2.3.3. La professionnalisation

Le référentiel de formation a pour objet de professionnaliser le parcours de l’étudiant en soins infirmiers (ESI). La professionnalisation est la ou les voies que l’étudiant va prendre pour devenir un professionnel. J’ai choisi de citer Wittorski (29) (2007) pour définir ce terme :

« La professionnalisation est un processus de formation d’individus aux contenus d’une profession existante […] Elle « met en scène » des acquis personnels ou collectifs tels des savoirs, des connaissances, des capacités et des compétences. Bien plus, nous pourrions dire qu’elle réside dans le jeu de la construction et/ou de l’acquisition de ces éléments qui permettront au final de dire que quelqu’un qu’il est un professionnel c’est-à-dire qu’il est doté de la professionnalité. »

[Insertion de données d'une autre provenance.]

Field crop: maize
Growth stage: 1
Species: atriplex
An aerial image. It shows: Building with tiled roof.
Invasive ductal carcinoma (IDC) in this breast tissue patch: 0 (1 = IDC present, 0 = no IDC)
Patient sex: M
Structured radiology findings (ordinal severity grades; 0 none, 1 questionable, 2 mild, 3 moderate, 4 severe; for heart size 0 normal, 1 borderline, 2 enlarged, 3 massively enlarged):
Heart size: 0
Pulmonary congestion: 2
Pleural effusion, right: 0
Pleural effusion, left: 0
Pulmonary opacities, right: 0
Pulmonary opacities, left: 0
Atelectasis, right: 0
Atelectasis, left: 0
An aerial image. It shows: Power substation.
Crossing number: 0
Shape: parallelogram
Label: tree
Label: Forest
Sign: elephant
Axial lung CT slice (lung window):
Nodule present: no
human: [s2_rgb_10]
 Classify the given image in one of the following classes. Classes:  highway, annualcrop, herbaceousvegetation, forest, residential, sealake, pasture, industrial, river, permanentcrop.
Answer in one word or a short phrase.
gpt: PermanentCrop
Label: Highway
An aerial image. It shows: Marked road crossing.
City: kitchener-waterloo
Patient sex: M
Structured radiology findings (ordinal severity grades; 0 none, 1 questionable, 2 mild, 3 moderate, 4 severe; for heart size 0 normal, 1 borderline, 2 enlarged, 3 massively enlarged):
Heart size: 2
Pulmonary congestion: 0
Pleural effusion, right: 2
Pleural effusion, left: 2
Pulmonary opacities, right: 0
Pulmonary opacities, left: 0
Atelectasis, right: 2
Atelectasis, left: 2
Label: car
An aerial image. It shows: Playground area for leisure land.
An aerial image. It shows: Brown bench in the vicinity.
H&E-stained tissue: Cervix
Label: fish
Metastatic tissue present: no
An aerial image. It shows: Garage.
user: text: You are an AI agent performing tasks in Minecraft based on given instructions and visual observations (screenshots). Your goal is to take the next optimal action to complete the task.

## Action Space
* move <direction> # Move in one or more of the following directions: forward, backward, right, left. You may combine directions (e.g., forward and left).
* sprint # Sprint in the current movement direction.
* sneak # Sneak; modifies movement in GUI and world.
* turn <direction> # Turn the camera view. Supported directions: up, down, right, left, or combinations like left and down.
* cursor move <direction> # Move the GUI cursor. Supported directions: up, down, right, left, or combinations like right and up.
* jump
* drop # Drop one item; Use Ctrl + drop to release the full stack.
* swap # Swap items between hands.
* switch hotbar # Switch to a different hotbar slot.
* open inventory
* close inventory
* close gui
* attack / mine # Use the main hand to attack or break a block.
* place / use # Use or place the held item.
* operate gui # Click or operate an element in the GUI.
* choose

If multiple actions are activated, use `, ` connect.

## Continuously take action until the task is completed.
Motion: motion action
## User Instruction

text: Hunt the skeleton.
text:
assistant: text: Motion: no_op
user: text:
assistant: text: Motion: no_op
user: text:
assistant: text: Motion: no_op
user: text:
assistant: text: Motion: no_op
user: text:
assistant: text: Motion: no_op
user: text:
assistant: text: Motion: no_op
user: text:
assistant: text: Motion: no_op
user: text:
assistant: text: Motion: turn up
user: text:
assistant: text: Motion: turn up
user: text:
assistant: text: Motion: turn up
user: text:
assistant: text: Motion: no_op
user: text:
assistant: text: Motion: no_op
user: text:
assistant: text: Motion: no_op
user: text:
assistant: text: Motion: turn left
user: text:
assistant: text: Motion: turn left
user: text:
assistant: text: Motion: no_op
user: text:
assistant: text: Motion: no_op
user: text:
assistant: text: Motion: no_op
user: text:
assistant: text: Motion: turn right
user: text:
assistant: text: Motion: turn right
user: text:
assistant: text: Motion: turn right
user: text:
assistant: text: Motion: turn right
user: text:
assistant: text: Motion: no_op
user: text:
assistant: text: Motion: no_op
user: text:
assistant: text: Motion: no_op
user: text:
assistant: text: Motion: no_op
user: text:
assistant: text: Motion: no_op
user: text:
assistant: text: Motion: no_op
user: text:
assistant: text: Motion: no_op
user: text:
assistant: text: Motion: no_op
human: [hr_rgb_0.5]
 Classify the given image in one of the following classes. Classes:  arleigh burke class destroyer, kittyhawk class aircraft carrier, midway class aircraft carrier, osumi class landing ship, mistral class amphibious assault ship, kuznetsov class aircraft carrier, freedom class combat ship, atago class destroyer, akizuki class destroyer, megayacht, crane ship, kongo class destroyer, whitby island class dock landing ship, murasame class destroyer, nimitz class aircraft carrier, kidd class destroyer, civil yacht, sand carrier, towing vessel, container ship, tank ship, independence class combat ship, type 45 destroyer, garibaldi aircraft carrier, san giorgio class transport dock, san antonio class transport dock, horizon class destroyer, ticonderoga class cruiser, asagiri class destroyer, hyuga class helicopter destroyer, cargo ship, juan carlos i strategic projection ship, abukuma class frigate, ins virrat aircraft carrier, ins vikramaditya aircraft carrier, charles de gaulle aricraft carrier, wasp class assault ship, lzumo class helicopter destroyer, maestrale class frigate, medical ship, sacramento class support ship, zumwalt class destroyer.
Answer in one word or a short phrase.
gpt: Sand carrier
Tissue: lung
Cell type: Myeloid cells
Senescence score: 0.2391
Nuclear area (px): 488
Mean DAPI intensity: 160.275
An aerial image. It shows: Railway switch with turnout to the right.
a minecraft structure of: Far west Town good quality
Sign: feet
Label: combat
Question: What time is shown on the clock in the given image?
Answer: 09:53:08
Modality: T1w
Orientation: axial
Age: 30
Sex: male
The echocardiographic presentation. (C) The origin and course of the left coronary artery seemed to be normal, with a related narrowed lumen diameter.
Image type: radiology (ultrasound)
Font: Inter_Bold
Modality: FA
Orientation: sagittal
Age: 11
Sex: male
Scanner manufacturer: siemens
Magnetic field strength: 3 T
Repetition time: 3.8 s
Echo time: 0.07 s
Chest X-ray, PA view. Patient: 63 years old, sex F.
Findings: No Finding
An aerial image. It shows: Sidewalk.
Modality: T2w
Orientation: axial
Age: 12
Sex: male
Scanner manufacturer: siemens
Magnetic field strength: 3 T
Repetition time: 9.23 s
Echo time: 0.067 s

Il présente un outil d’analyse de l’offre de professionnalisation et des dynamiques de développement professionnels des sujets. Il distingue six voies de professionnalisation :

- La première correspond au modèle de la formation « sur le tas » : les situations professionnelles nouvelles exigent de l’individu la production par tâtonnement et essais-erreurs de compétences nouvelles : il s’agit d’une logique de l’action. C’est l’apprentissage de l’étudiant infirmier qui effectue un soin technique accompagné de l’infirmier diplômé.

- La deuxième renvoie à la formation alternée entre la transmission de savoirs théoriques en classe et la production de compétences en

29 Professeur des universités en formation des adultes, spécialiste des questions relatives au rapport travail-formation et à la professionnalisation.